Time out for a Life in Jazz

Brubeck knew that the quality of the music you made didn’t depend on the colour of your skin…

December 17, 2012 08:22 pm | Updated 08:31 pm IST

Brubeck started touring colleges to give concerts in the 1950s. Photo: AP

Brubeck started touring colleges to give concerts in the 1950s. Photo: AP

Dave Brubeck (1920-2012), jazz pianist par excellence, went to college to study veterinary science to be able to look after the livestock at his father’s cattle ranch. But he switched to music to nurture the talent he had inherited from his pianist mother. Yet the hoofbeats of the horses he rode came back later into the polyrhythms he wove into his jazz.

He brought them into the 1959 album he made with his quartet (Paul Desmond, alto saxophone; Eugene Wright, bass; Joe Morello, drums). Time Out was the first jazz album to sell a million copies, it’s most famous track ‘Take Five’, the first jazz single to sell a million. The year before, the Brubeck quartet had returned from a tour of Europe and Asia. At AIR’s studios in Chennai they listened to, and later jammed with, the mridangam player Palani Subramania Pillai for what might have been their first formal musical introduction to polyrhythm and the idea for ‘Take Five’, credited to Desmond, in a time of five beats to the measure. From that year, my first at college, I still remember some of my peers carrying the LP around as a badge that they were “with it”.

Its popularity didn’t make Brubeck famous; that he already was since the early 1950s when he got the idea of touring colleges and giving concerts that spawned a series of albums and brought jazz out from bars and dance-halls into auditoria. By 1954 he was on the cover of Time , only the second jazzman to get there after Louis Armstrong, and before Duke Ellington. Brubeck said later that getting on Time before Ellington bothered him, and thought he was favoured because he was white.

He couldn’t read sheet music, and nearly got chucked out of college, but for the teachers who recognised that his natural talent overrode this failing. His studies were interrupted by World War II, during which he was saved from combat duty by being put at the head of a jazz band, which at his insistence was integrated, unlike the US Army at the time.

Brubeck knew that the quality of the music you made didn’t depend on the colour of your skin and by the early 1950s he had black musicians among his colleagues. Of his classic quartet, Wright was black. He refused to break it up for tours of the Southern states, turning down lucrative contracts.

Armstrong, like Ellington, was one of his idols and by the early 1960s he was occasionally performing with him, while for Ellington he wrote ‘The Duke’, one of the greatest hits of his own career and a hit for many other musicians, including Miles Davis.

In those days he wondered whether his quartet was right for the job when they were asked to back the great blues singer Jimmy Rushing. Rushing overcame Brubeck’s diffidence by insisting, “Man, I’ve been listening to you and I know you’re the right group!”

Although Brubeck didn’t recognise the colour of a musician’s skin, many people didn’t understand that he stood shoulder to shoulder with the black giants who had developed and nurtured jazz.

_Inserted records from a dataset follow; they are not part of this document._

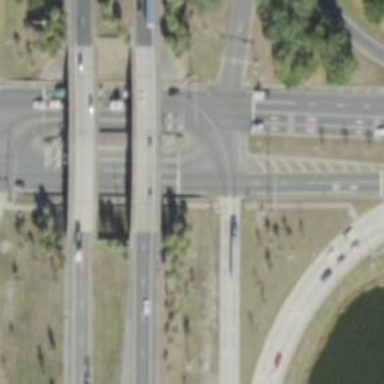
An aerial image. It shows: Diamond junction on motorway link.
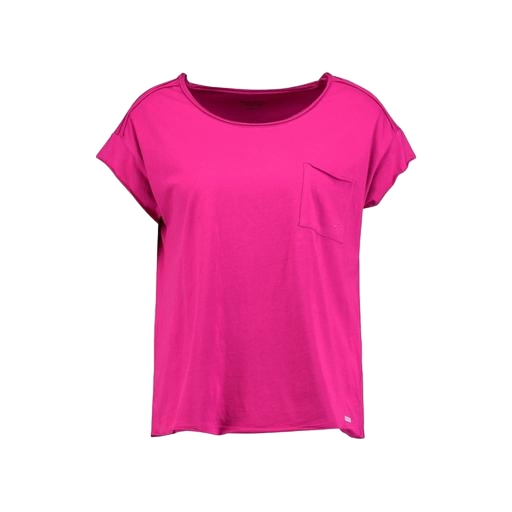
pink scoop neck sleep tee, pink jersey tee, boxy fit t-shirt, white background
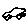
Label: car
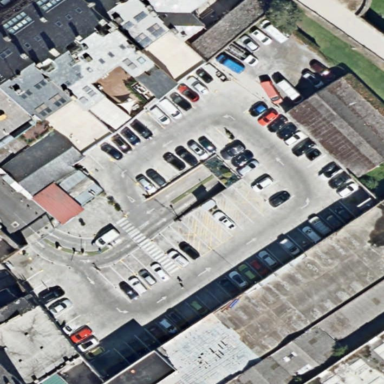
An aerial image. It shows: Area designated for garages.
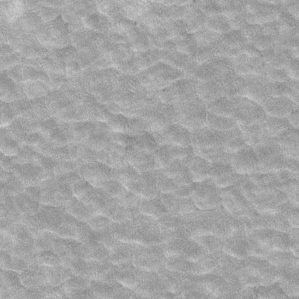
Label: frost
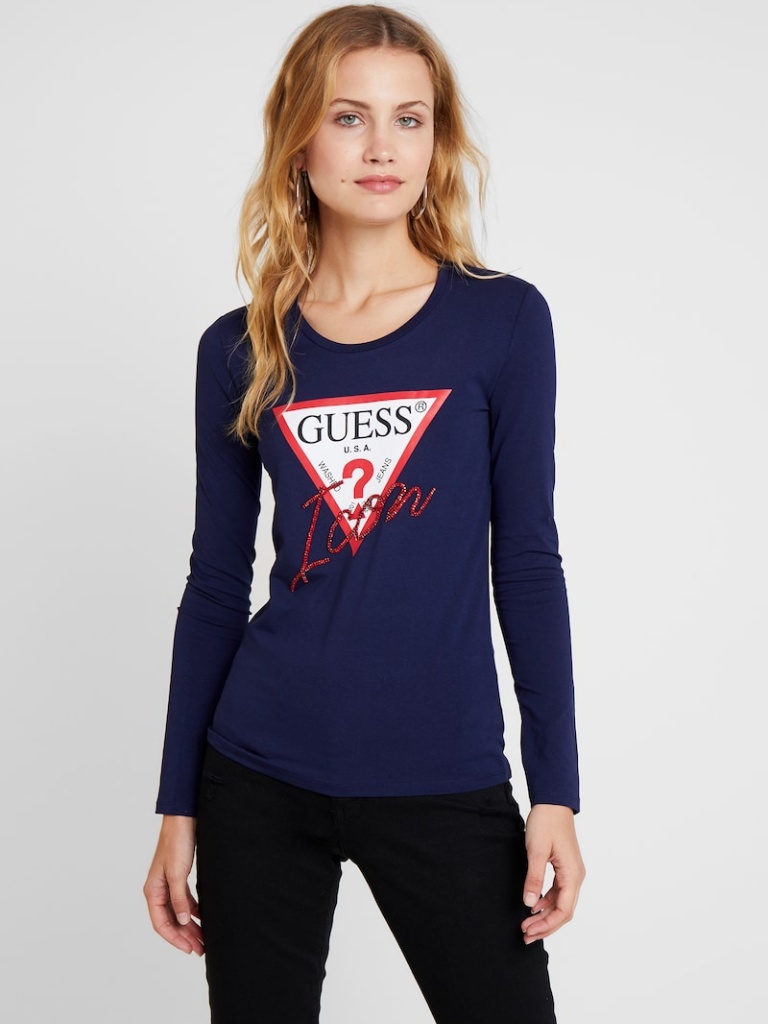
cotton tight a long-sleeved with the sleeves down hip length Untucked crew t-shirt
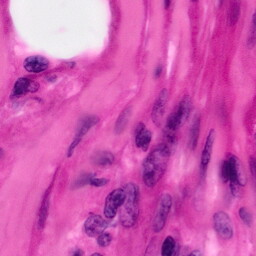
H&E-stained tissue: Pancreatic
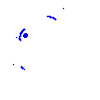
Particle: electron
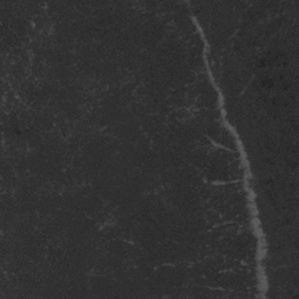
Label: frost
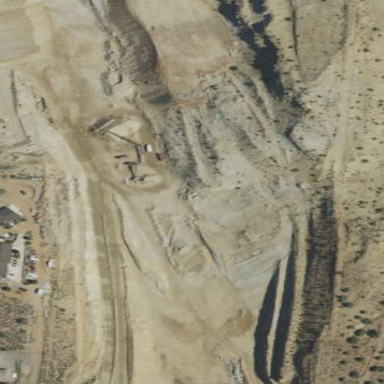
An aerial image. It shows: Quarry area.
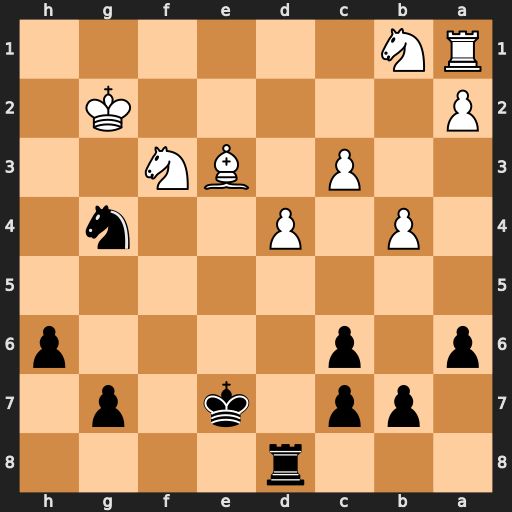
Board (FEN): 3r4/1pp1k1p1/p1p4p/8/1P1P2n1/2P1BN2/P5K1/RN6
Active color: b
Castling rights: -
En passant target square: -
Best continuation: Nxe3+ Kg3 Nc2 Nbd2 Nxa1
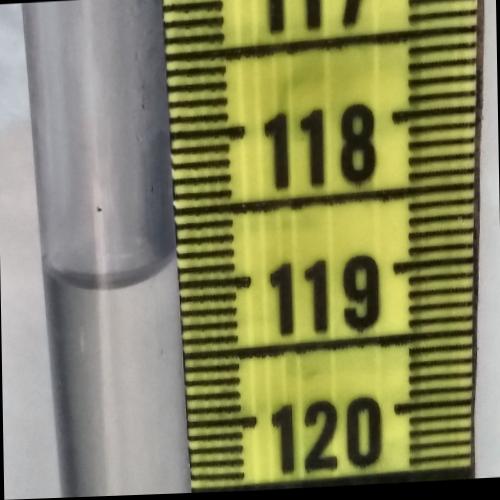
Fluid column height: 118.9 cm
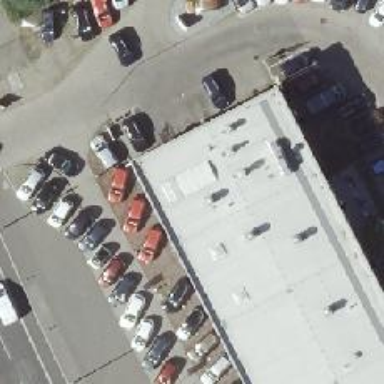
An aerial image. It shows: Car rental facility.
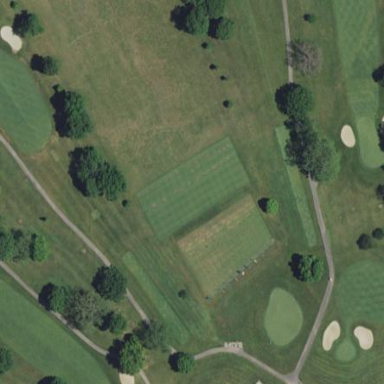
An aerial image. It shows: Grassy area designated as golf tee.
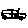
Label: car
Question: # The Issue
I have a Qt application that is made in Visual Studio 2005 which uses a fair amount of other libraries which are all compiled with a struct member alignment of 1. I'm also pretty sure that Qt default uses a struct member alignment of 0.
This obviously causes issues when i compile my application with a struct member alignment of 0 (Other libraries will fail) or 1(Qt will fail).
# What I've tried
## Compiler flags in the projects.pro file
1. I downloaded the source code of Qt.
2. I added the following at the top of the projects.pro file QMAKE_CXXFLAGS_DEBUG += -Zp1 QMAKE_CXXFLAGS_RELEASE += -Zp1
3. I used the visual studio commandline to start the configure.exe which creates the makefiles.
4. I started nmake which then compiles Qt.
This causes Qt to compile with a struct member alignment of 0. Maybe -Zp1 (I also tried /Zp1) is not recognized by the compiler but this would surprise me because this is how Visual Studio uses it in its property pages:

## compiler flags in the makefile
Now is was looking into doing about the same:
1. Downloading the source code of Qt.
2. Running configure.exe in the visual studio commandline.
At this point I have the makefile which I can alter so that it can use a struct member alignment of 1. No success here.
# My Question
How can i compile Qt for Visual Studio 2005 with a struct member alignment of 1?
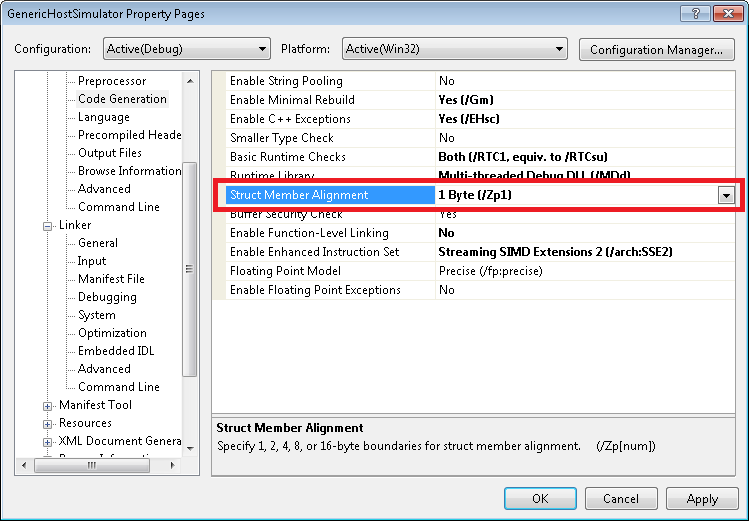
Answer: Qt does not support a struct member aligment different from 8 (Default). The only way to solve this is by using <URL>:
'''
#pragma pack( [ show ] | [ push | pop ] [, identifier ] , n )
'''
Surround all Qt code and includes with a push and pop:
'''
#pragma pack(push, 8)
...
#pragma pack(pop)
'''

The giants themselves did. On a tour of Europe with Willie “the Lion” Smith, the Lion, Ellington’s mentor, would play a few solo pieces before the Brubeck quartet went on stage. On one occasion, Brubeck was giving an interview backstage just as Smith passed by to open the concert.

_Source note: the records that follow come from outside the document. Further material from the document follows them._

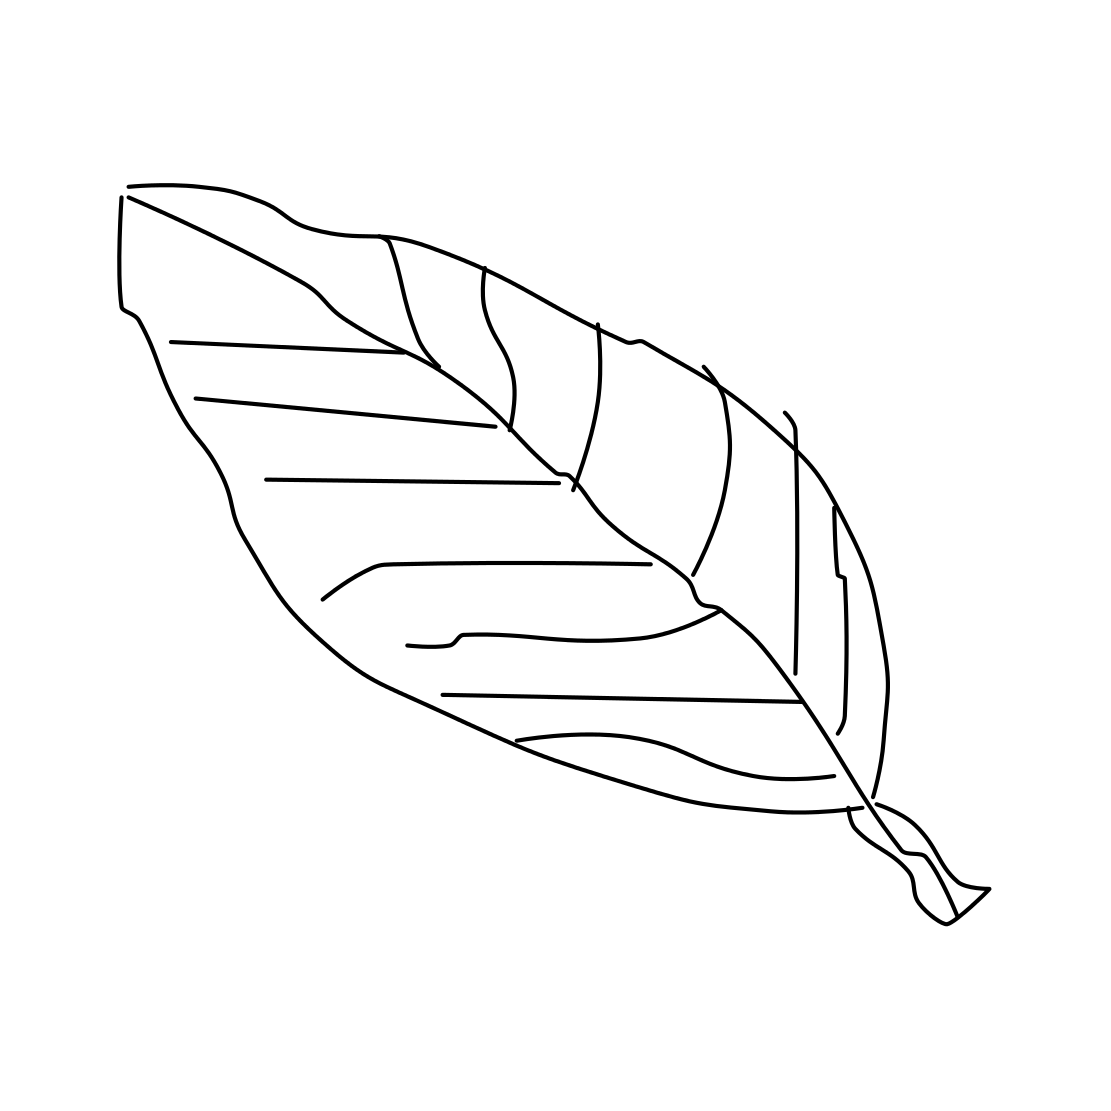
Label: leaf
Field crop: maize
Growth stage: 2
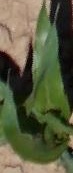
Species: maize

The interviewer, as provocative as he was ignorant, said, “Isn’t it true, Mr Willie the Lion Smith, that no white man can play jazz?”

Smith kept advancing towards them, took Brubeck by the arm and just told the interviewer, “I want you to meet my son.”

Not all great musicians are nice men. Brubeck was not just nice; his personal life was exemplary. Deeply religious, he devoted much of his later years to blending jazz with spiritual music.

But he never gave up his jazz vocation. As late as 2010, pushing 90 and fitted recently with a pacemaker, he was at the Monterey and Newport Jazz Festivals.

He was felled on his way to a cardiologist’s appointment on December 5. His 92nd birthday celebration concert the next day was turned into a memorial. It was “time out” for him, but there can never be a time out for his music.